If you have masters in all aspect ratios, perceptual hashing will match them for free:

# Add 16:9 master
python cli.py add-master master_16x9.mp4

# Add 1:1 master (same content, cropped)
python cli.py add-master master_1x1.mp4

# Add 9:16 master (same content, cropped)
python cli.py add-master master_9x16.mp4

Now adaptations will match without AI Vision!

2. Pre-Filter by Aspect Ratio

Before matching, check aspect ratios:

from video_matcher.fingerprinter import VideoFingerprinter

fp = VideoFingerprinter()
info = fp.get_video_info("adaptation.mp4")
width, height = info['width'], info['height']
aspect = width / height

if aspect > 1.5:
    print("16:9 video - match against 16:9 masters only")
elif 0.9 < aspect < 1.1:
    print("1:1 video - match against 1:1 masters only")
else:
    print("9:16 video - match against 9:16 masters only")

3. Batch Strategically

AI Vision costs scale with comparisons.
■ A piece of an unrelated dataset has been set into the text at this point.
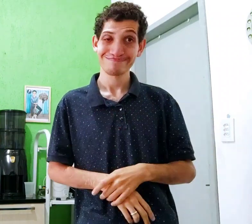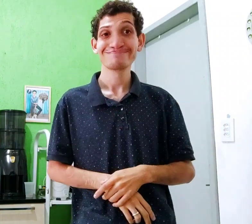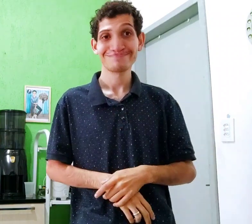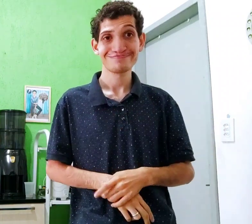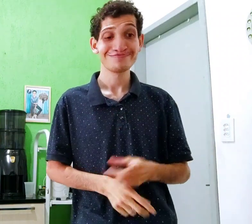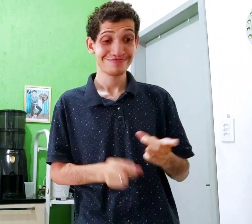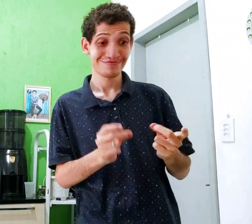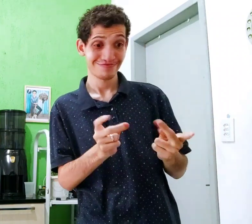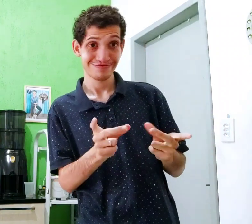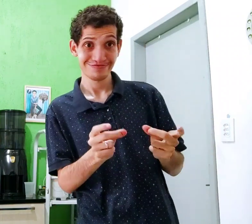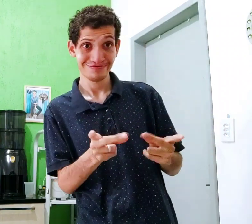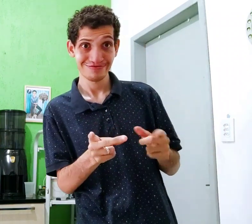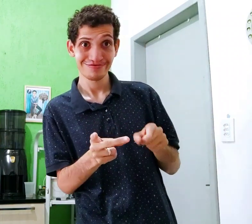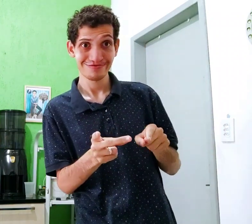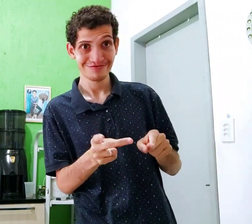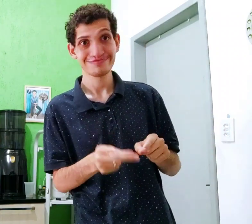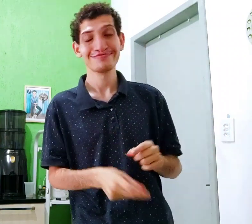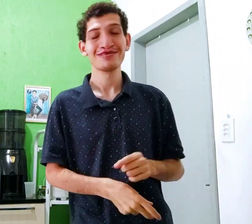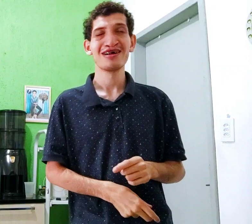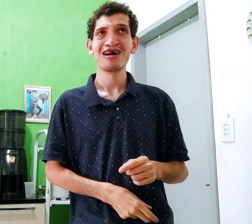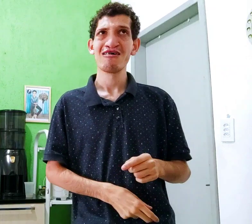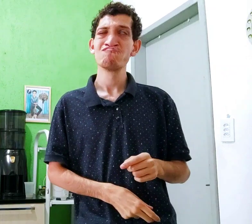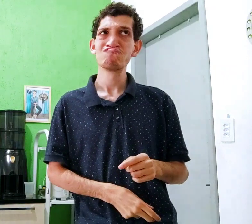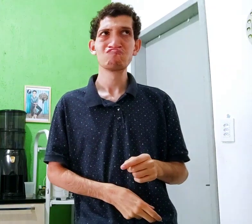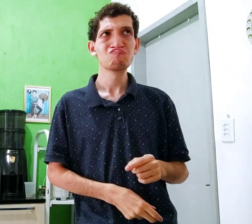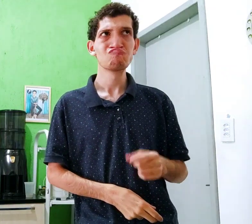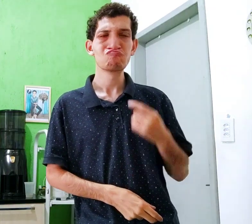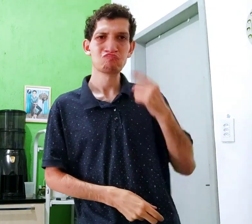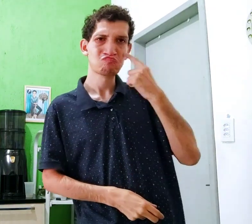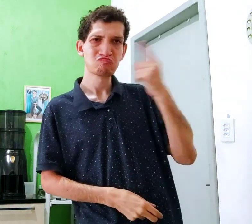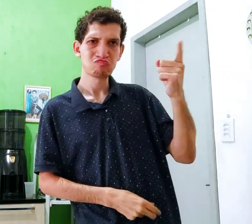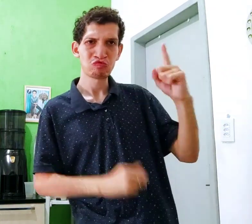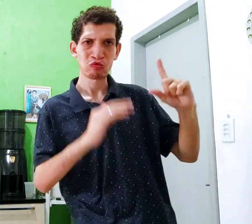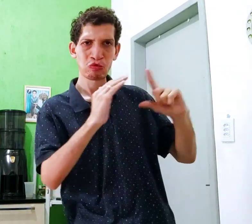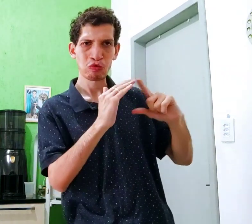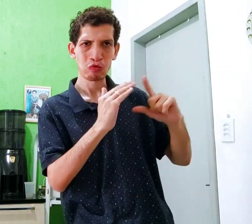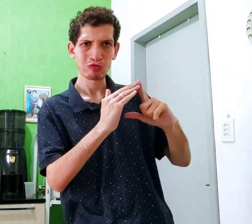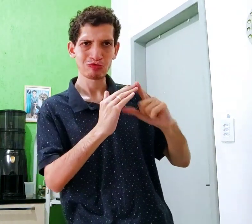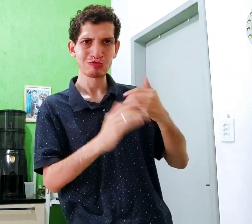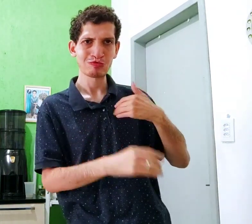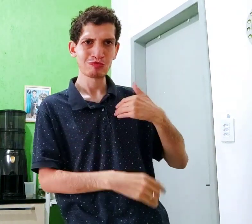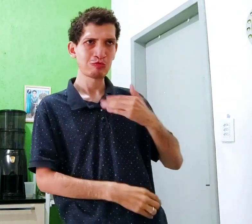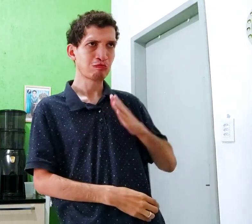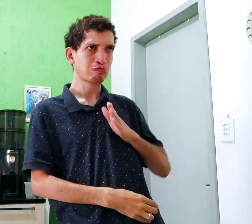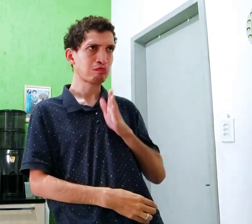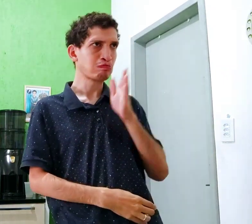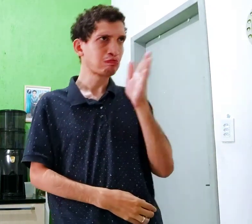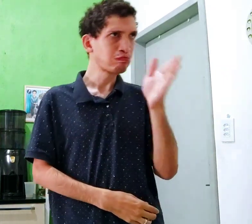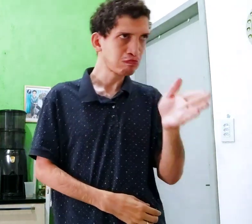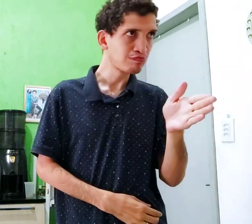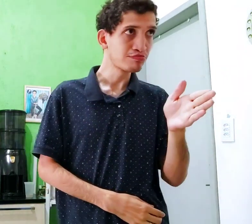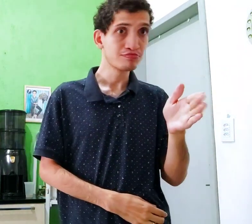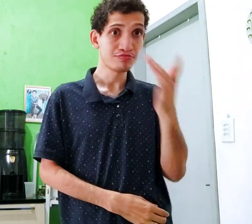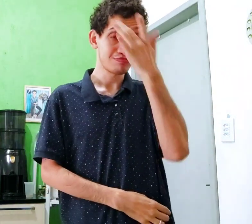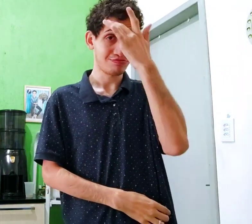Profissional NEMIR. É, NEMIR, eu vi numa loja, eu fui,

For 100 adaptations:

Expensive ($150-250):

# All adaptations against all masters
python cli.py batch-match adaptations/  # 100 × 50 masters = 5000 AI calls

Optimized ($5-10):

# First, quickly check which adaptations need AI Vision
# Then only run AI Vision on those that failed

Disable AI Vision

To completely disable AI Vision:

Option 1: Remove API Key

# In .env file, comment out or delete:
# OPENAI_API_KEY=sk-...

Option 2: Empty Value

# In .env file:
OPENAI_API_KEY=

Option 3: Don't Create .env File

Just don't create .env - AI Vision won't work without it.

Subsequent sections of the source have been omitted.